____ RECORDS PROVIDED

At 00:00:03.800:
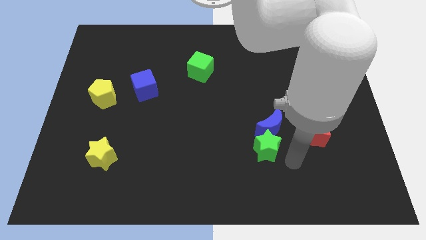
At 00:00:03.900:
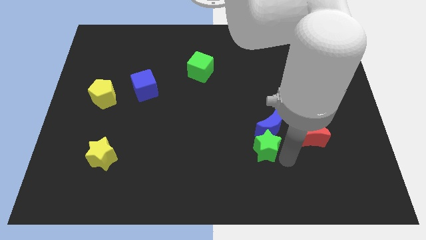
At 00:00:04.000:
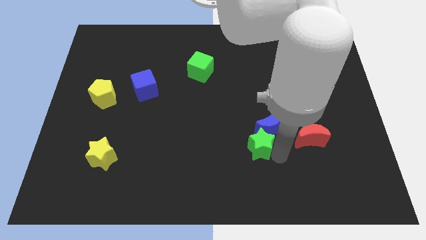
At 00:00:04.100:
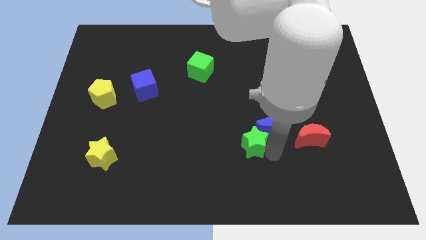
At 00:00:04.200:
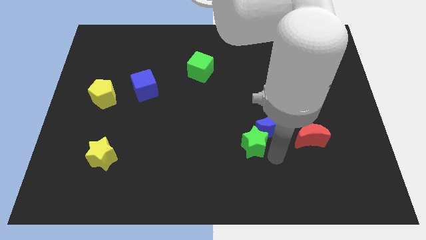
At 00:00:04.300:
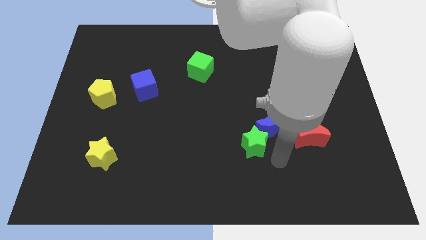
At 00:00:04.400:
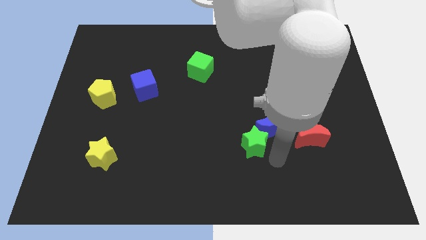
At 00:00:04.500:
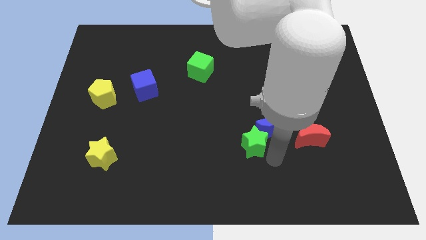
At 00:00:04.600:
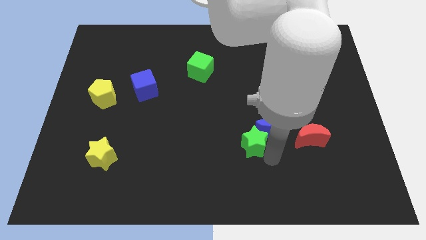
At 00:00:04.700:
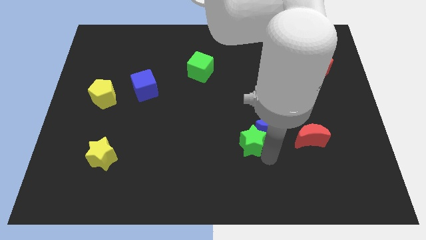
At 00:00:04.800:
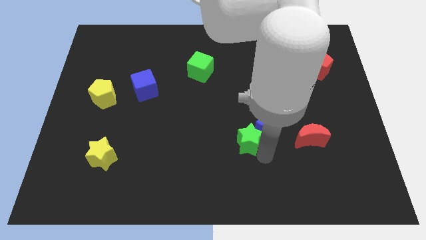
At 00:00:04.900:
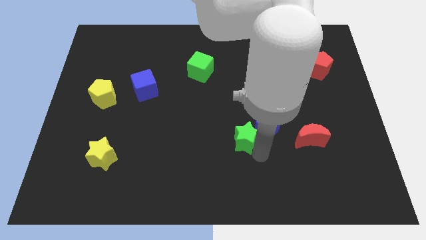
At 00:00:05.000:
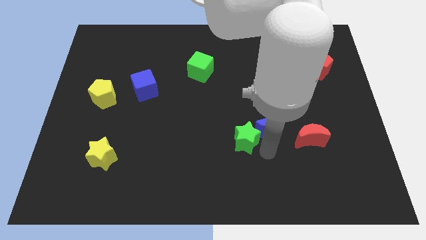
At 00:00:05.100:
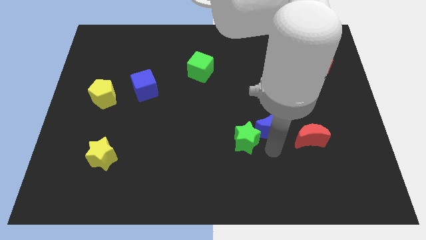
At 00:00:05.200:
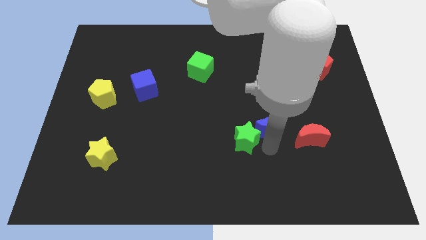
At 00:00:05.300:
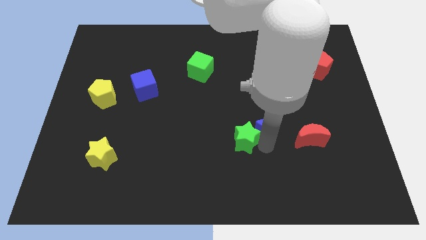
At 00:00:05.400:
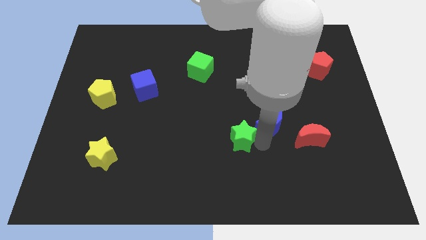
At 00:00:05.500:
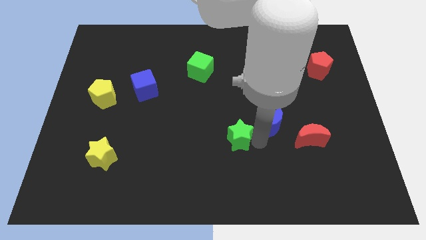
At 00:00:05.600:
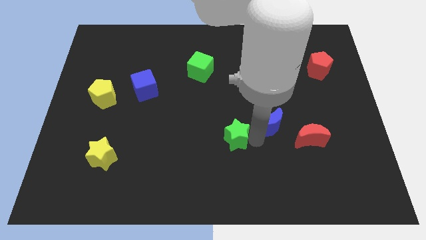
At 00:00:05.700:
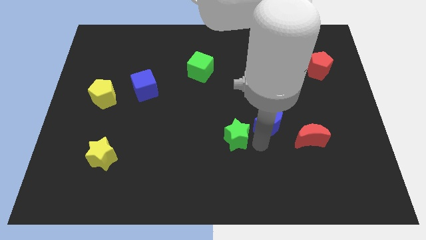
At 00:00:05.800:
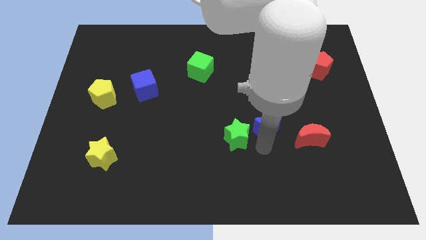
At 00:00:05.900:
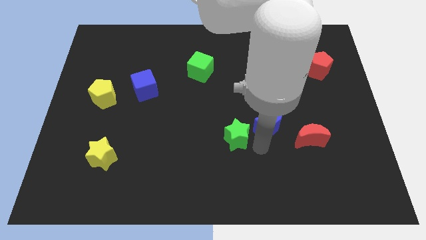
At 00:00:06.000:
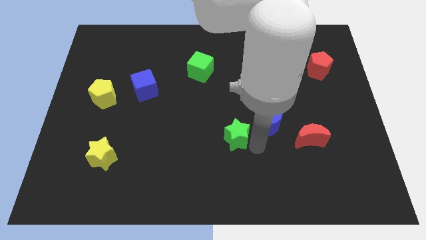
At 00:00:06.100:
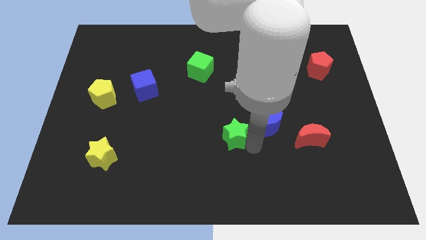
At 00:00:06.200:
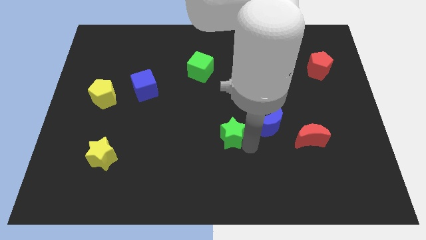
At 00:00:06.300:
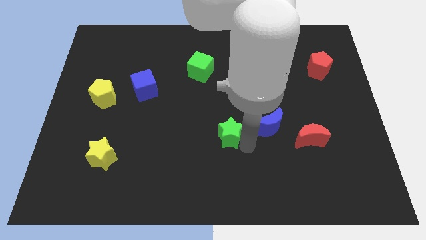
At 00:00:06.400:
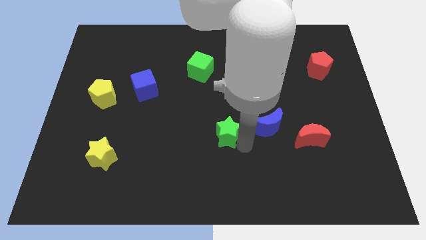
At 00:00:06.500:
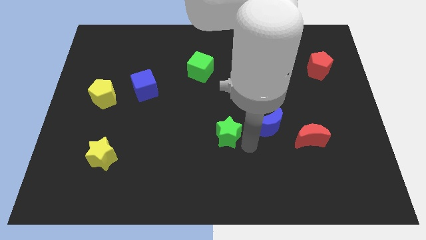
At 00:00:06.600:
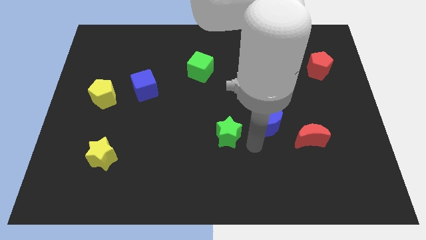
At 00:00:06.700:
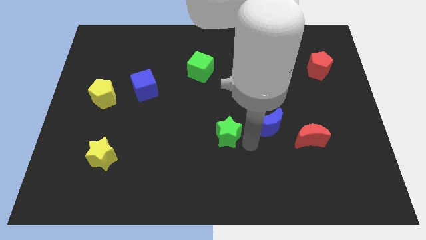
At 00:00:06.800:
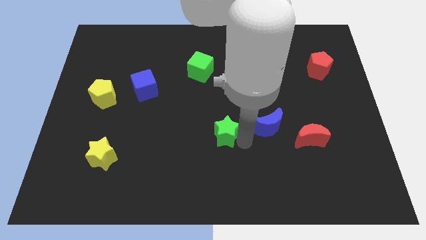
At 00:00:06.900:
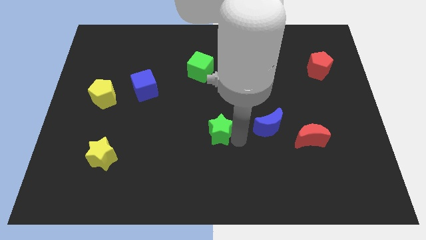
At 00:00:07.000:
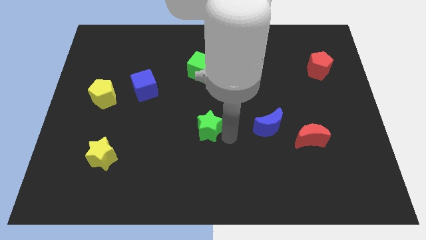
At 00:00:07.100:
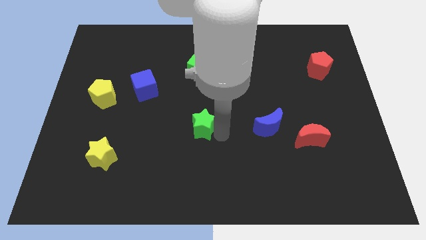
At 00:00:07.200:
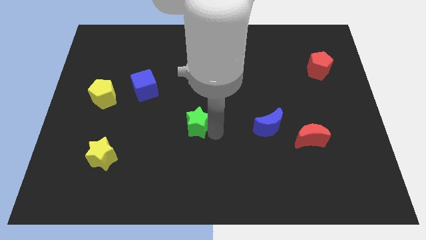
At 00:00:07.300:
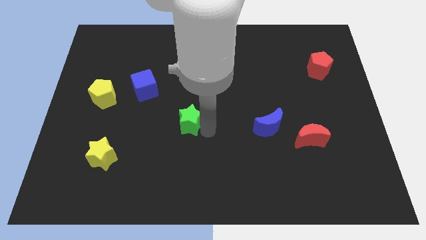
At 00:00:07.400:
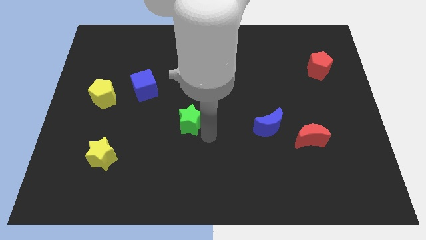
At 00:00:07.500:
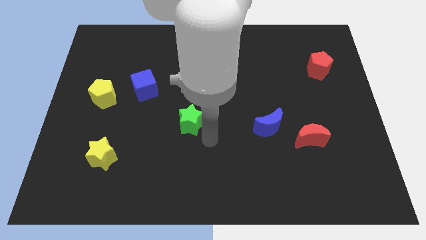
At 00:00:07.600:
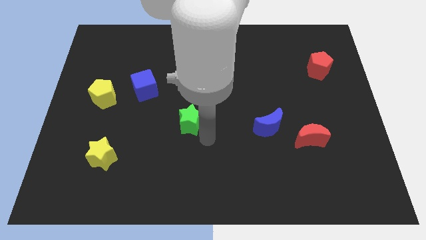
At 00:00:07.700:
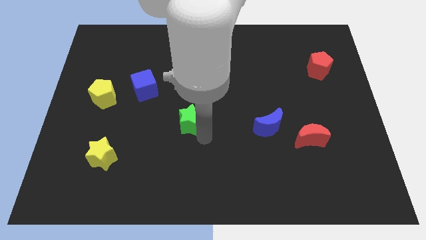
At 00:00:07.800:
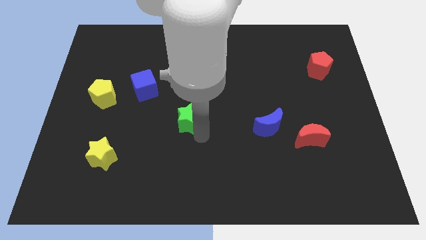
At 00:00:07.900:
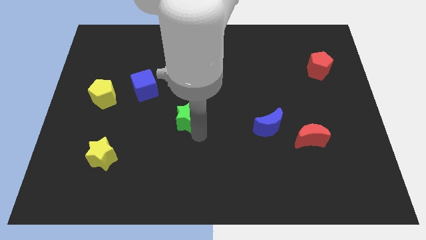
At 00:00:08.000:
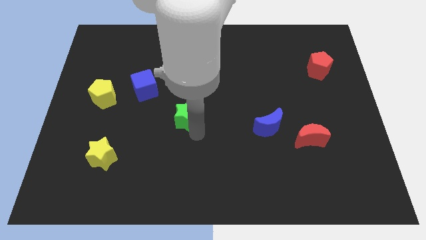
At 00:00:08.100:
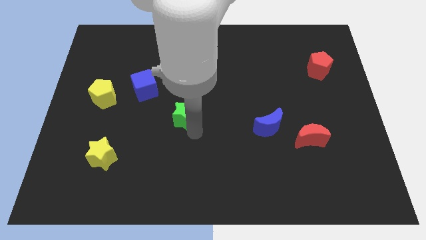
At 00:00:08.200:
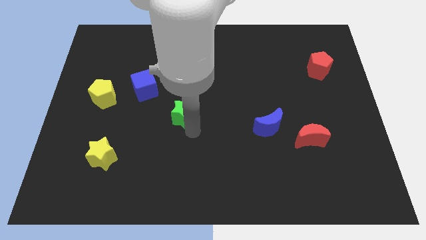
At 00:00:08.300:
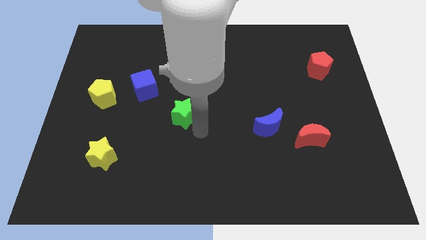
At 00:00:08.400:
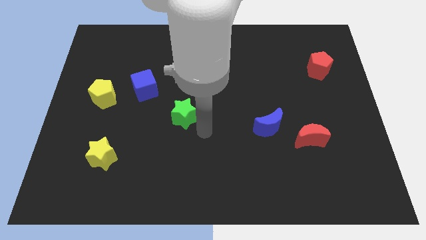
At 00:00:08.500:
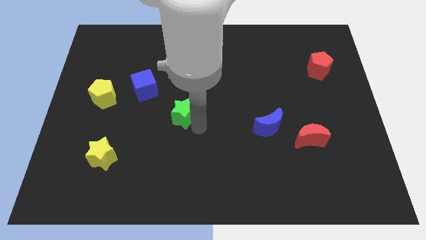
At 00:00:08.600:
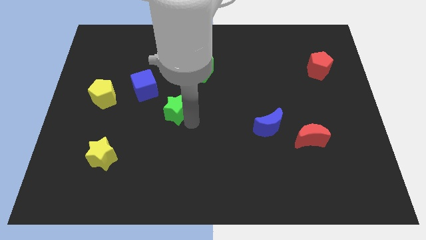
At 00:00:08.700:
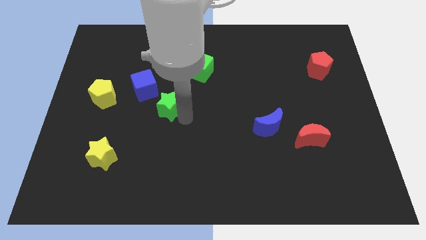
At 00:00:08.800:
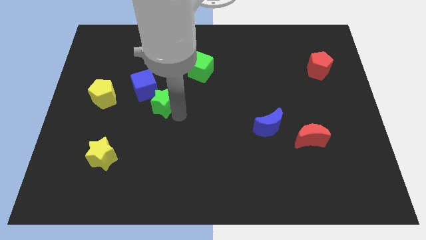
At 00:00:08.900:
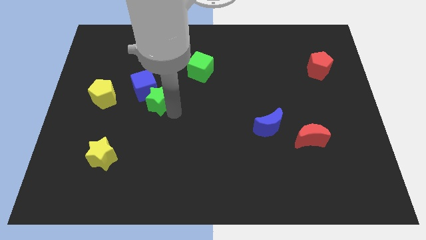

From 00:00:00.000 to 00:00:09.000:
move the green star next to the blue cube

________

- [EXERCISE REQUIREMENTS] Please retype the data exactly, but do not carry over any picture.

- [TASK RESULT]
At 00:00:03.800:
At 00:00:03.900:
At 00:00:04.000:
At 00:00:04.100:
At 00:00:04.200:
At 00:00:04.300:
At 00:00:04.400:
At 00:00:04.500:
At 00:00:04.600:
At 00:00:04.700:
At 00:00:04.800:
At 00:00:04.900:
At 00:00:05.000:
At 00:00:05.100:
At 00:00:05.200:
At 00:00:05.300:
At 00:00:05.400:
At 00:00:05.500:
At 00:00:05.600:
At 00:00:05.700:
At 00:00:05.800:
At 00:00:05.900:
At 00:00:06.000:
At 00:00:06.100:
At 00:00:06.200:
At 00:00:06.300:
At 00:00:06.400:
At 00:00:06.500:
At 00:00:06.600:
At 00:00:06.700:
At 00:00:06.800:
At 00:00:06.900:
At 00:00:07.000:
At 00:00:07.100:
At 00:00:07.200:
At 00:00:07.300:
At 00:00:07.400:
At 00:00:07.500:
At 00:00:07.600:
At 00:00:07.700:
At 00:00:07.800:
At 00:00:07.900:
At 00:00:08.000:
At 00:00:08.100:
At 00:00:08.200:
At 00:00:08.300:
At 00:00:08.400:
At 00:00:08.500:
At 00:00:08.600:
At 00:00:08.700:
At 00:00:08.800:
At 00:00:08.900:

From 00:00:00.000 to 00:00:09.000:
move the green star next to the blue cube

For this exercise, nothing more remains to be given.